Question

High school students who take the SAT Math exam a second time generally score higher than on their first try. Past data suggest that the score increase has a standard deviation of about 50 points. How large a sample of high school students would be needed to estimate the mean change in SAT score to within 2 points with 92% confidence?

Answer 1

To estimate the mean change in SAT score to within 2 points with 92% confidence, a sample size of 11025 high school students would be needed.

Step-by-step explanation:

To estimate the mean change in SAT score to within 2 points with 92% confidence, we need to determine the sample size required. The formula to calculate the required sample size (n) for estimating the population mean with a specific margin of error can be given as:

n = (Z^2 * σ^2) / E^2

Where:

• n is the sample size
• Z is the z-score corresponding to the desired confidence level (in this case, 92% confidence corresponds to a z-score of 1.75)
• σ is the standard deviation of the population (which is given as 50 points)
• E is the desired margin of error (which is 2 points)

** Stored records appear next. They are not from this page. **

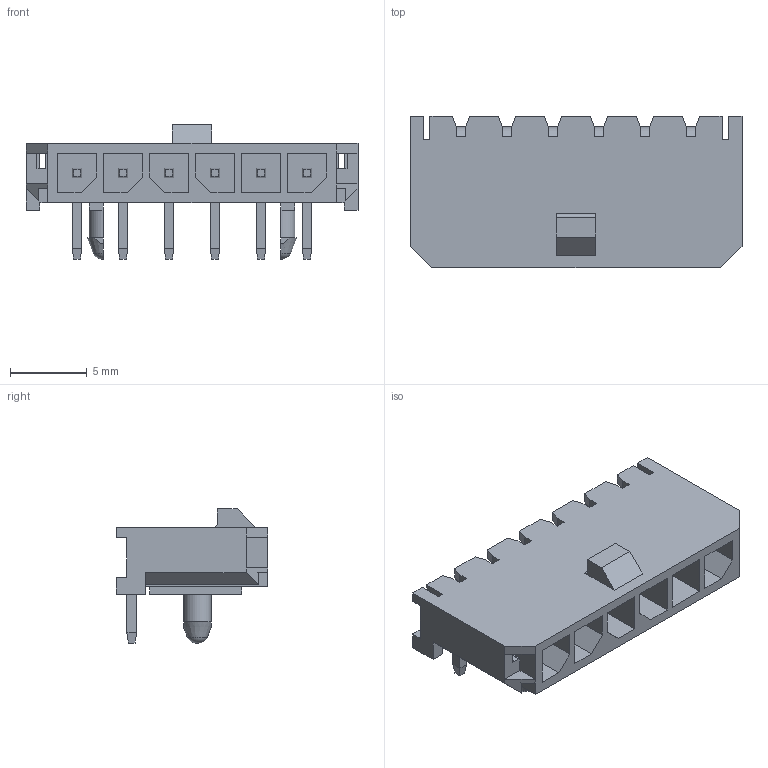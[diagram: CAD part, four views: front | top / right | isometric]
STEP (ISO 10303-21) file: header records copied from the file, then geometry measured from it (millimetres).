
FILE_DESCRIPTION(/* description */ ('Unknown'),/* implementation_level */ '2;1');
FILE_NAME(/* name */ '66200611022',/* time_stamp */ '2020-09-23T10:28:20+02:00',/* author */ ('Unknown'),/* organization */ ('Unknown'),/* preprocessor_version */ 'ST-DEVELOPER v16.7',/* originating_system */ 'DEX',/* authorisation */ $);
FILE_SCHEMA (('AUTOMOTIVE_DESIGN {1 0 10303 214 3 1 1}'));
Length unit declared in the file: millimetre
Products named in the file (3): 6620xx11022; 66200611022; 6620xx11022_PIN
Assembly tree (7 placements, depth 2):
  6620xx11022
    66200611022
    6620xx11022_PIN  x6
Bounding box: 21.65 x 9.9 x 8.76 mm (x, y, z)
Volume: 551.5 mm3; surface area: 1427 mm2
Topology: 7 solids, 7 shells, 357 faces, 956 edges, 608 vertices
Faces by surface type: plane 338, cylinder 15, cone 2, torus 2
Entity records: 8588 total; most frequent: CARTESIAN_POINT 1531, ORIENTED_EDGE 1512, DIRECTION 1324, EDGE_CURVE 756, LINE 730, VECTOR 730, VERTEX_POINT 488, AXIS2_PLACEMENT_3D 297
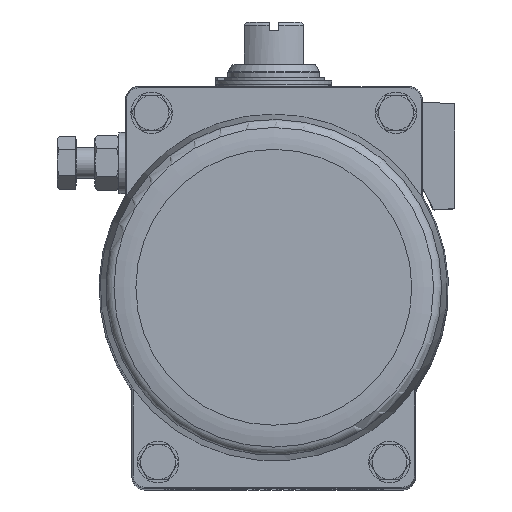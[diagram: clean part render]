
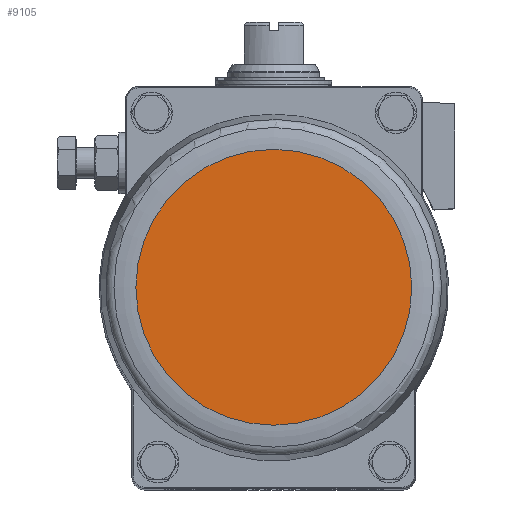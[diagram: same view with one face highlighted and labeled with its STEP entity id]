
A CAD part, top view. The second image highlights one B-rep face of the part: STEP entity #9105.
In plain terms, the highlighted planar face has unit normal (0, 0, 1).
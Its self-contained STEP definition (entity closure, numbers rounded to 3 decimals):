
#3253=ORIENTED_EDGE('',*,*,#5011,.T.);
#5011=EDGE_CURVE('',#6032,#6032,#6613,.T.);
#6032=VERTEX_POINT('',#15200);
#6613=CIRCLE('',#10047,63.2);
#7290=EDGE_LOOP('',(#3253));
#8111=FACE_BOUND('',#7290,.T.);
#8609=PLANE('',#10048);
#9105=ADVANCED_FACE('',(#8111),#8609,.F.);
#10047=AXIS2_PLACEMENT_3D('',#15199,#12130,#12131);
#10048=AXIS2_PLACEMENT_3D('',#15201,#12132,#12133);
#12130=DIRECTION('',(0.,0.,1.));
#12131=DIRECTION('',(1.,0.,0.));
#12132=DIRECTION('',(0.,0.,-1.));
#12133=DIRECTION('',(-1.,0.,0.));
#15199=CARTESIAN_POINT('',(0.,0.,275.15));
#15200=CARTESIAN_POINT('',(63.2,0.,275.15));
#15201=CARTESIAN_POINT('',(63.2,0.,275.15));

Substituting the values into the formula:

n = (1.75^2 * 50^2) / 2^2 = 44100 / 4 = 11025

Therefore, a sample size of 11025 high school students would be needed to estimate the mean change in SAT score to within 2 points with 92% confidence.

Answer 2

n=1915

Step-by-step explanation:

1) Previous concepts

A confidence interval is "a range of values that’s likely to include a population value with a certain degree of confidence. It is often expressed a % whereby a population means lies between an upper and lower interval".

The margin of error is the range of values below and above the sample statistic in a confidence interval.

Normal distribution, is a "probability distribution that is symmetric about the mean, showing that data near the mean are more frequent in occurrence than data far from the mean".

`\bar X` represent the sample mean for the sample

`\mu` population mean

`\sigma=50` represent the population standard deviation (assumed)

n represent the sample size (variable of interest)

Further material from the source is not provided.